DOI：10.1016/j.bmcl.2019.08.003

日期：2019.9

units exhibited the highest activity among dimers 21–30. The activity of compound 29 was higher than that of dFdC in all the studied cancer cell lines. A similar order of activity was observed for compounds 25, 28, and 30. The best activity among all the dimers synthesized was displayed by compound 39, comprising two gemcitabine units with a cleavable linker.
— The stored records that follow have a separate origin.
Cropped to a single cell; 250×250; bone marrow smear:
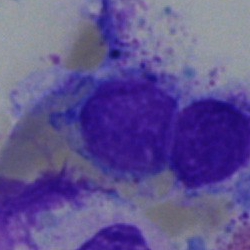A typical lymphocyte.
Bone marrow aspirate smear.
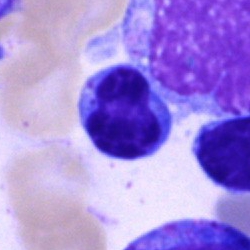

Q: What is shown here?
A: This is a typical lymphocyte.
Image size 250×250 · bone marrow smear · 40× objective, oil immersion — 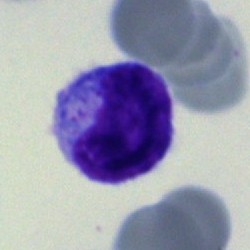

Typical lymphocyte.
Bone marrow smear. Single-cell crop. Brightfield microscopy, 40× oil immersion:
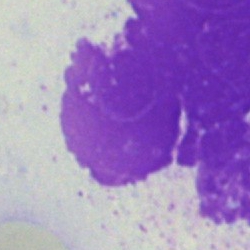

Impression → artifact.
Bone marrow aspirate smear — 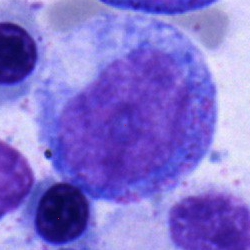A progranulocyte.
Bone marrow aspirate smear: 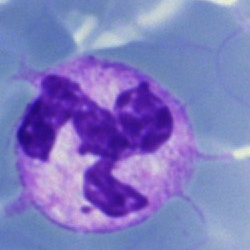 A segmented neutrophil.
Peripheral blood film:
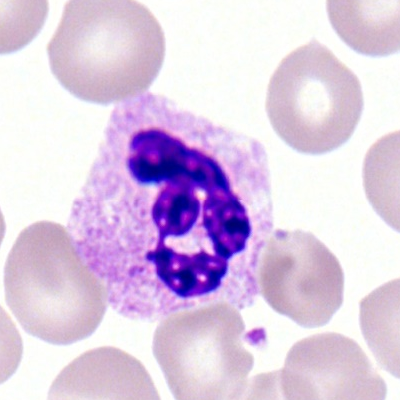 A segmented neutrophil.
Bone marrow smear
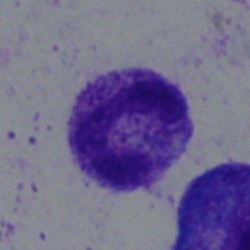
Q: Which cell type is shown here?
A: A neutrophil (segmented).
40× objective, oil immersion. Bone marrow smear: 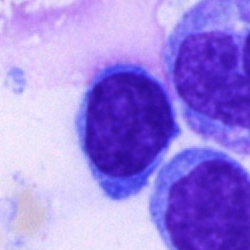

Morphology — typical lymphocyte.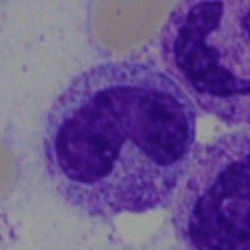Specimen: bone marrow aspirate smear.
Morphological class: neutrophil (band).
Lineage: myeloid.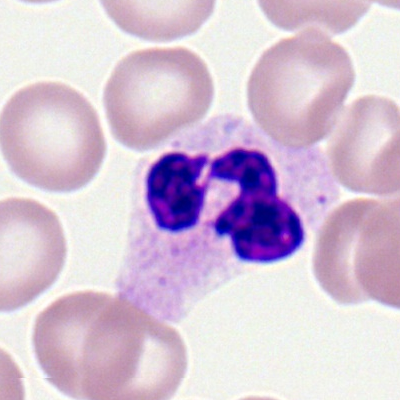

Q: What type of cell is this?
A: It is a polymorphonuclear neutrophil.
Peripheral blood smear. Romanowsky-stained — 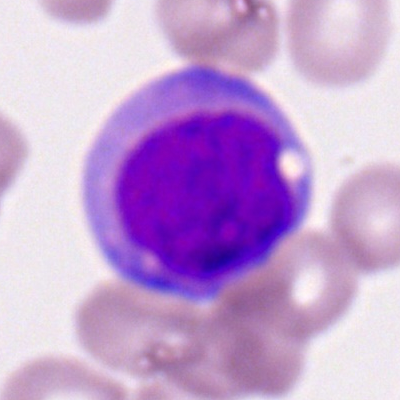A myeloid blast.
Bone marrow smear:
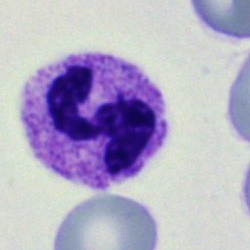Polymorphonuclear neutrophil.
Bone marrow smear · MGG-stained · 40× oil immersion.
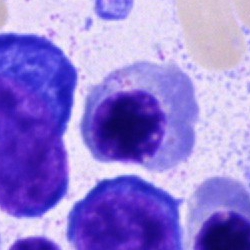 The classification is normoblast.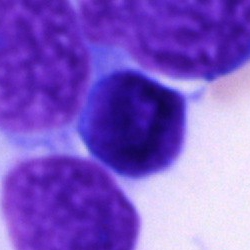
Q: What is shown here?
A: A blast.
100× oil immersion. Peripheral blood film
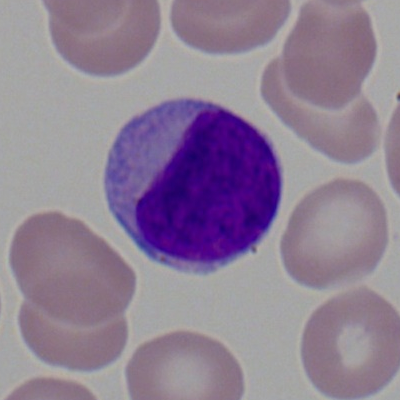 Specimen: peripheral blood smear.
Classification: myeloid blast.
Lineage: myeloid.
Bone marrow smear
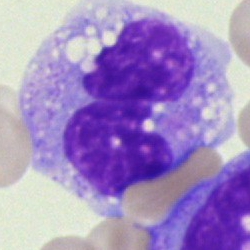 Showing a monocyte.
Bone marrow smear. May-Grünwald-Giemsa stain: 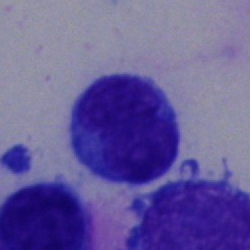Q: Which cell type is shown here?
A: Typical lymphocyte.
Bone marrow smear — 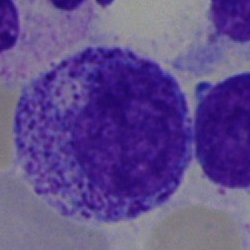
Specimen: bone marrow smear.
Cell type: myelocyte.
Lineage: myeloid.
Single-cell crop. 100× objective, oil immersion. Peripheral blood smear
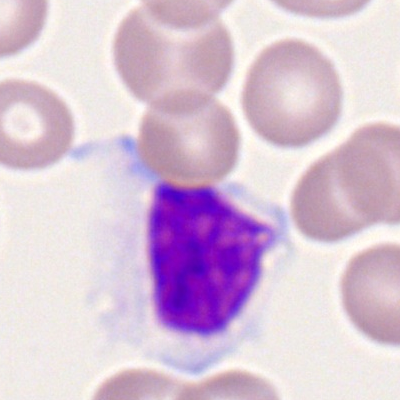

Cell type — lymphocyte.
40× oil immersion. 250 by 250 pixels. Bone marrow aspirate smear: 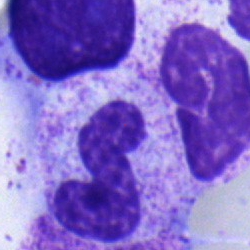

The activity of compound 39 was 5 to 9 times

使用“点击”化学方法合成了两个系列的新型吉西他滨-核苷类似物二聚体。在第一系列二聚体（的21 - 30），该核苷单位用一个稳定的连接methyltriazole 4 Ñ -3'（或5'）ç接头，而第二系列（31 - 40）配有一个可裂解的酯，methyltriazole 4 N -3'（或5'）C接头。Dimers 21 – 40使用磺基罗丹明，对五种人类癌细胞系（例如宫颈癌（HeLa），鼻咽癌（KB），肺脏（A549），脑（U87），肝脏（HepG2）和正常皮肤成纤维细胞系（HDF）的细胞毒性活性进行了评估。 B（SRB）分析。化合物29包括两个吉西他滨（DFDC）单元表现出最高的活性二聚体中21 - 30。在所有研究的癌细胞系中，化合物29的活性均高于dFdC。观察到的化合物活性的类似的命令25，28，和30。化合物39显示出合成的所有二聚体中最好的活性，包括两个具有可裂解接头的吉西他
Development and Bioorthogonal Activation of Palladium-Labile Prodrugs of Gemcitabine

作者：Jason T. Weiss、John C. Dawson、Craig Fraser、Witold Rybski、Carmen Torres-Sánchez、Mark Bradley、E. Elizabeth Patton、Neil O. Carragher、Asier Unciti-Broceta

DOI：10.1021/jm500531z

日期：2014.6.26

Bioorthogonal chemistry has become one of the main driving forces in current chemical biology, inspiring the search for novel biocompatible chemospecific reactions for the past decade. Alongside the well-established labeling strategies that originated the bioorthogonal paradigm, we have recently proposed the use of heterogeneous palladium chemistry and bioorthogonal Pd(0)-labile prodrugs to develop spatially targeted therapies. Herein, we report the generation of biologically inert precursors of cytotoxic gemcitabine by introducing Pd(0)-cleavable groups in positions that are mechanistically relevant for gemcitabine's pharmacological activity. Cell viability studies in pancreatic cancer cells showed that carbamate functionalization of the 4-amino group of gemcitabine significantly reduced (>23-fold) the prodrugs' cytotoxicity. The N-propargyloxycarbonyl (N-Poc) promoiety displayed the highest sensitivity to heterogeneous palladium catalysis under biocompatible conditions, with a reaction half-life of less than 6 h. Zebrafish studies with allyl, propargyl, and benzyl carbamate-protected rhodamines confirmed N-Poc as the most suitable masking group for implementing in vivo bioorthogonal organometallic chemistry.